The DMAIC serves as the basis of the Six Sigma methodology. It is a five-step process composed of the following stages: Define, Measure, Analyze, Improve and Control. The first step defines the goals a company wants to achieve. Along with that, the opportunities for quality improvement, such as minimizing defects, streamlining a process, or giving better customer satisfaction, are identified as well.

In the measurement step, the company sets up performance metrics. The metrics are then used to measure and collect data. The data is then analyzed in the next step to determine the probable cause of defects and identify solutions to reduce them.

The "improve" step is when the solutions for business process improvement are finally executed. Once executed, the last step—control—checks the results of the improvement step to ensure they are in line with the company's goals. Improvements that give unfavorable results are modified, while those that comply with the Six Sigma quality process are maintained.

DMADV—Define, Measure, Analyze, Design, and Verify—is a version of DMAIC adapted for creating new products and business processes. The fundamental difference between DMADV and DMAIC is the customer input. Customer satisfaction is integrated in every step of DMADV projects. The two final steps, Design and Validate, deals with acknowledging customer feedback on product design.

What Are Control Limits?

Control limits are a tool used in graphical analysis of a production process. The control limits represent the widest variation in outcomes from the production process that would be considered statistically normal; a breach of these limits suggests a likely problem with the production process. The control limits are different from arbitrary limits that a company may set to ensure either quality or customer satisfaction.

The use of control limits simply involves measuring individual outcomes of a production process that is intended to be consistent. For example, a widget factory might measure its widgets to make sure that they are all the same size, or at least very similar. Depending on the resources of the company, it may measure every single widget or simply take a representative sample. Such a sample would have to cover every possible input variable, such as different machines, different batches of raw materials and different operating staff.

Calculating the control limit involves first calculating the standard deviation. This is a mathematical process based on a large sample of data, for example an entire batch of widgets. The standard deviation uses a mathematical formula that calculates the average degree to which a single unit varies from the overall average. In this example, it would be the average amount by which the size of any randomly selected widget varies in size from the average of the entire batch. Standard deviation therefore tells you how close to identical or how varied an entire batch is.

The control limit is plus or minus three times the average variation. If the average widget is 10 inches (25.4 cm) wide and the standard deviation is 0.1 inch (2.5 mm), then the control limits will be 10.3 inches (26.2 cm) and 9.7 inches (24.6 cm). Statistically, with any production process — not just this widgets example — 99.73% of units will fall within the control limits.
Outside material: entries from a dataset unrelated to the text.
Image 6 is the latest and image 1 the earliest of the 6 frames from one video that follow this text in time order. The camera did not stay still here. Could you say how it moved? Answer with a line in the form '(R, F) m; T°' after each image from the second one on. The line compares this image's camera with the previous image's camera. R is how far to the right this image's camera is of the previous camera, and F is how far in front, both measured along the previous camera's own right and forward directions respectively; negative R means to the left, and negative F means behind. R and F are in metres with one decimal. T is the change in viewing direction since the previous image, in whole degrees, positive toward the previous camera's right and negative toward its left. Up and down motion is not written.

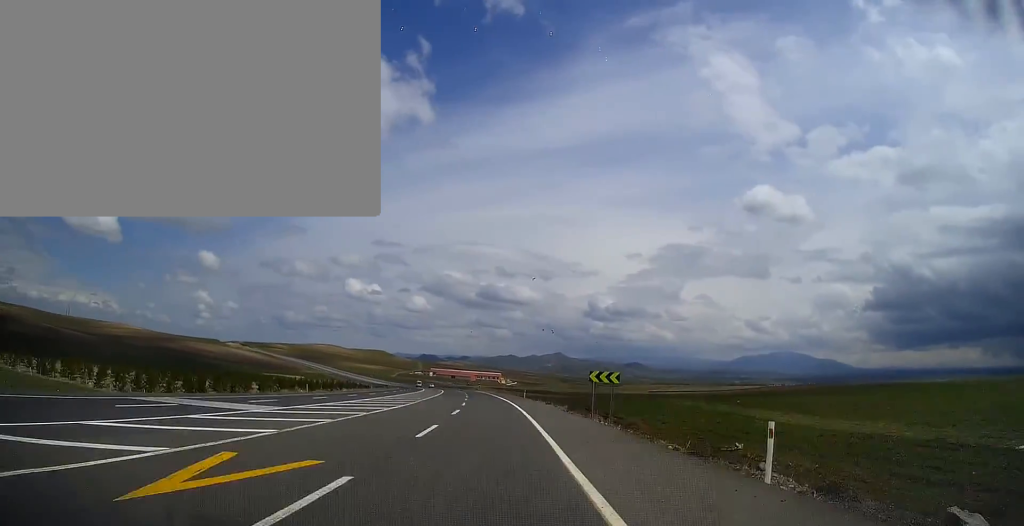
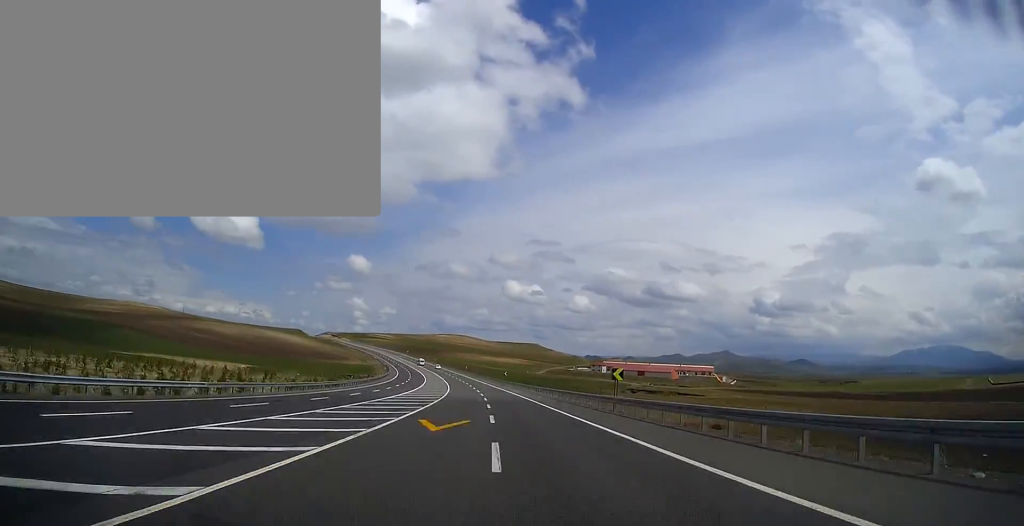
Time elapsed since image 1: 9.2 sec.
(-29.6, +293.1) m; -14°
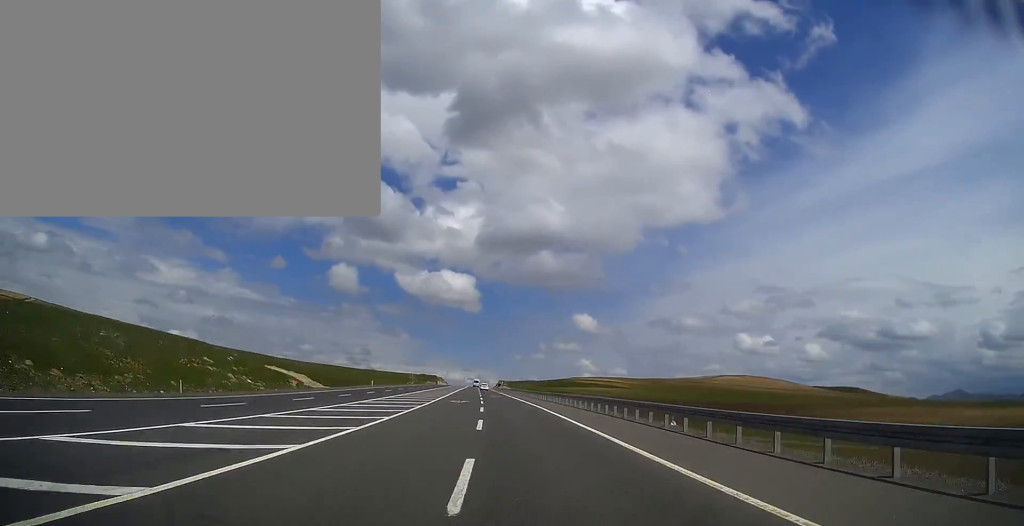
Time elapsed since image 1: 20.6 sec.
(-64.8, +365.7) m; -17°
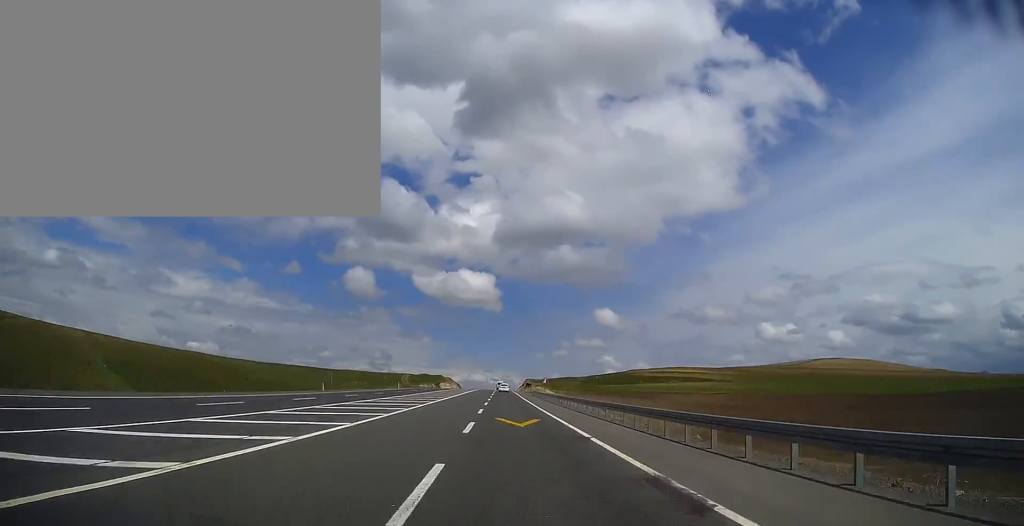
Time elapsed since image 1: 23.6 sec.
(-3.3, +95.6) m; -1°
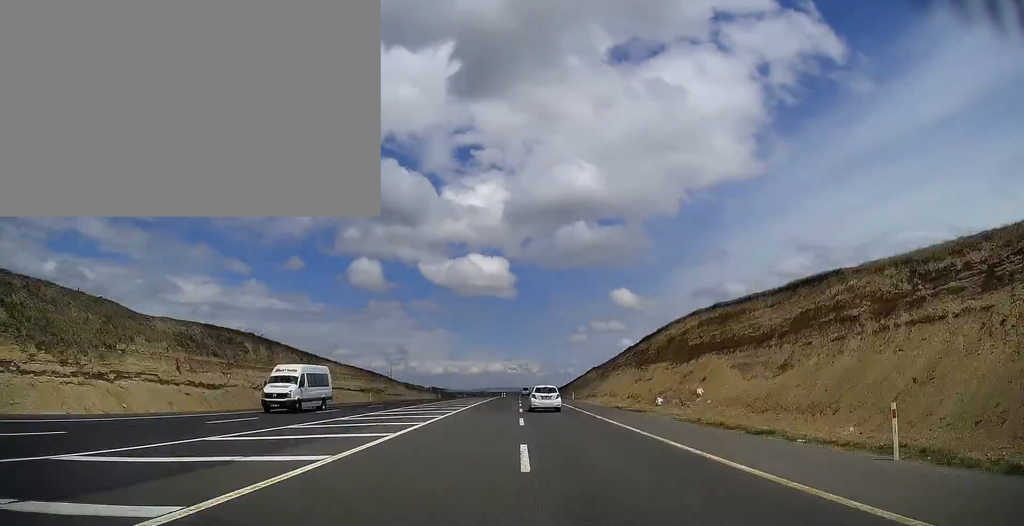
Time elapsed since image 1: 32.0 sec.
(-6.6, +264.9) m; -1°
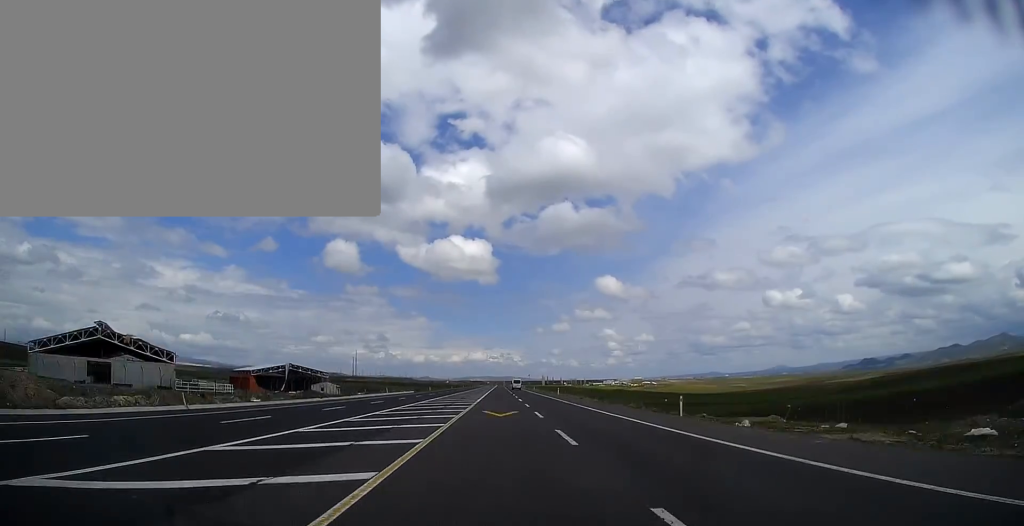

The idea of these limits is to act as a signal that the outcomes are statistically unusual and thus there may be a production problem. Any time that an outcome falls outside of the limits acts as such a signal. Therefore, if any widget is measured at more than 10.3 inches or less than 9.7 inches, it should trigger an investigation into whether there are potential problems.

It's important to remember that the setting of control limits is a purely statistical process: a product breaching the limits is not necessarily of good or poor quality. Companies will often set their own limits to monitor based on qualitative or quantity factors. The widget company might decide to aim keep all widgets between 9.7 inches (24.6 cm)and 10.3 inches (26.2 cm) as a matter of quality. As a separate example, the company might be forced to keep all widgets between 9.9 inches (25.1 cm) and 10.1 inches (25.6 cm) because otherwise they wouldn't fit into the widget packets used for delivery. Such limits, chosen by the manufacturer, are known as tolerance limits or simply specifications.